1. Hatta and the Hajar Mountains. An easy 1-hour-45-minute drive from Dubai, Hatta gives you mountain roads, a turquoise dam lake, and enough hiking to fill a day. The paved road to the lake and village is fine for any car — a Toyota Corolla will do it. If you want to carry on to the off-road trails at Hatta Mountain Reserve, take a proper 4x4 with ground clearance. Stay overnight at JA Hatta Fort Hotel and drive home via the scenic Madam–Dhaid road instead of retracing Sheikh Zayed Road.
2. Musandam (Oman) and Khasab. This is the fjord coast of the Arabian peninsula, and it's only three hours from Dubai. You'll cross into Oman, which means advance paperwork — most rentals need 48 hours of notice to issue a border permit and extra insurance. Bring your passport and plan to arrive at the border before lunch. In Khasab, book a dhow cruise through the fjords; you will see dolphins, and the scenery is genuinely world-class. Any car will do the trip, but a comfortable sedan is best because most of the drive is highway.
3. The Empty Quarter via Liwa. The longest route on this list — about four hours to the edge of the Rub al Khali, the largest continuous sand desert in the world. The driving is flat and easy until you reach Liwa, where the dunes tower 300 metres above the road. Stay at Qasr Al Sarab for the full desert resort experience, or camp with a guide for a fraction of the price. You do not need a 4x4 for the paved road, but you absolutely need one if you plan to leave it. Never drive into the dunes solo.
4. Ras Al Khaimah and Jebel Jais. RAK is 90 minutes from Dubai, and Jebel Jais is the highest mountain in the UAE with a road that climbs to 1,900 metres. The drive itself is the attraction — switchbacks, cool temperatures, and views that feel like nothing else in the country. Top of the road has a zipline and an extremely photogenic restaurant. You want a car with decent power; a small economy hatchback will do the climb but slowly. A mid-size sedan or SUV is more fun.

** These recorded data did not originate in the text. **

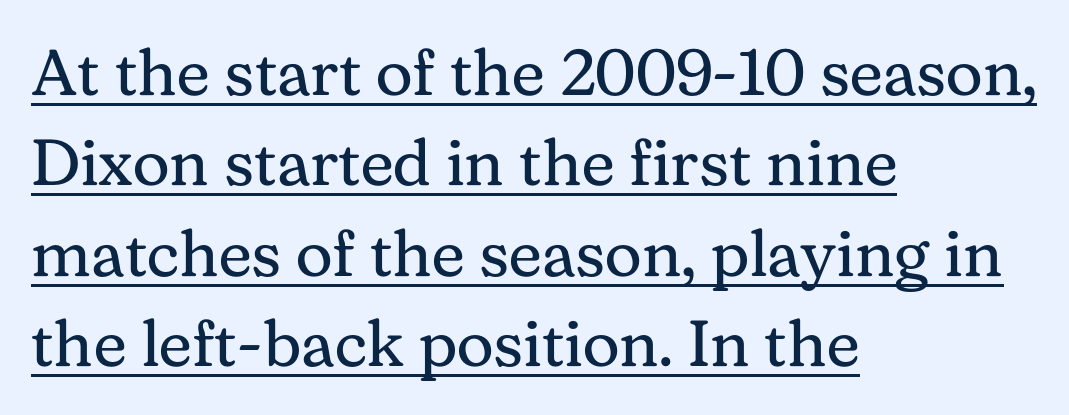
The typesetter has applied underlining to the passage shown. This is not heavy type; no bold has been used. What stands out about the letter spacing? Nothing — it is the standard amount. Proportional: the letters do not fall into vertical columns.
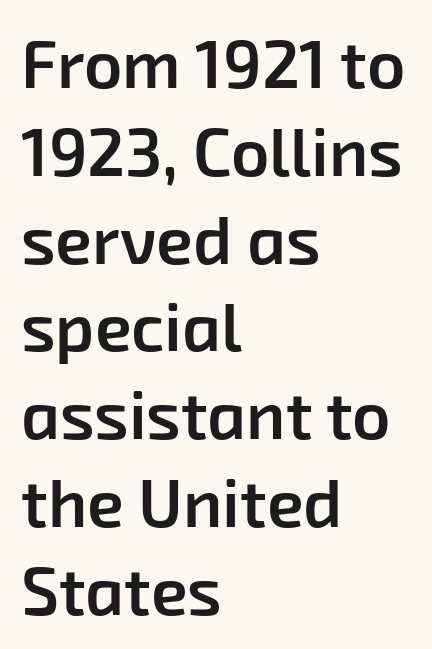
Q: Is the text bold? A: Semi-bold.
Q: Is the typeface a serif or a sans-serif typeface? A: Sans-serif.
Q: Is the text underlined? A: No.
Q: How is the paragraph aligned? A: Left-aligned.
Q: Is the spacing between letters normal or unusually wide? A: Normal.
Q: Is the spacing between lines tight, normal or loose? A: Normal.
Q: Width (condensed, normal, or wide)? A: Normal.
Q: Stroke contrast? A: Low.
Q: x-height? A: Medium.
Q: Monospaced? A: No.
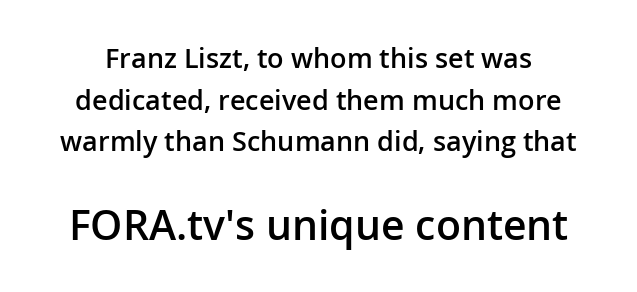
The image shows 41 px semibold sans-serif type, upright; set normal line spacing (1.54x), normal letter spacing, not underlined; the second (bottom) block is 1.52x larger; low stroke contrast and a medium x-height.
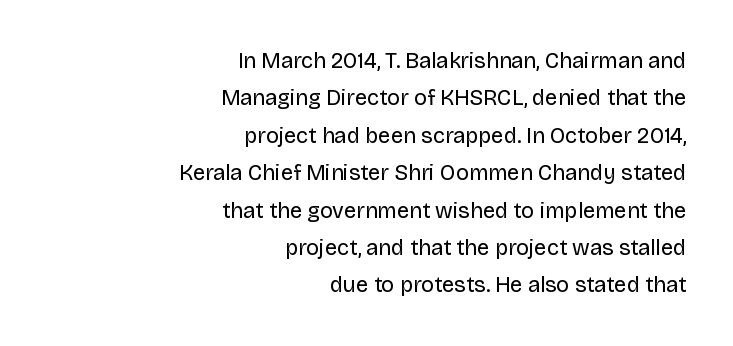
{"italic": "no", "bold": "no", "underline": "no", "align": "right", "line_spacing": "normal", "line_spacing_ratio": 1.7, "letter_spacing": "normal", "letter_spacing_em": 0.0, "glyph_px": 22}
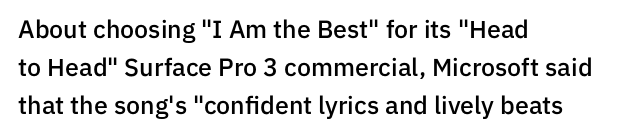
Q: Is the text bold? A: Semi-bold.
Q: Is the text italic (slanted)? A: No, it is upright.
Q: Is the text underlined? A: No.
Q: How is the paragraph aligned? A: Left-aligned.
Q: Is the spacing between letters normal or unusually wide? A: Normal.
Q: Is the spacing between lines tight, normal or loose? A: Normal.

5. Al Ain and Jebel Hafeet. Al Ain is the UAE's fourth-largest city and the country's most underrated destination. An hour and a half from Dubai, it has the country's oldest oasis, UNESCO-listed archaeological sites, and the spectacular Jebel Hafeet mountain road that tops out at 1,240 metres. The drive up Jebel Hafeet is often called one of the best roads in the world for a reason. Any car can do it; a sedan with a decent engine is ideal. Stay at the Mercure Grand at the summit if you want to wake up to the view.
General road trip tips. Fill up in Dubai before any long drive — petrol is slightly cheaper here than in Abu Dhabi and much cheaper than in Oman. Top up your Salik account. Tell your rental company where you're going, especially for Oman trips and mountain drives. Bring a proper phone mount and download offline maps of your route; cell coverage is good along major highways but drops in mountain passes and remote desert. And check your tyre pressure at a petrol station before leaving the city — it is the single most common cause of highway breakdowns in the UAE summer.
Which one first? If you have never done any of them, start with Hatta. It is the shortest, the cheapest, the easiest in any car, and it gives you the best feel for what driving outside Dubai is actually like. Once you have done that, Jebel Jais on a Friday afternoon is the obvious second trip — drive up in the late afternoon, watch the sunset from the summit, and be home in time for dinner.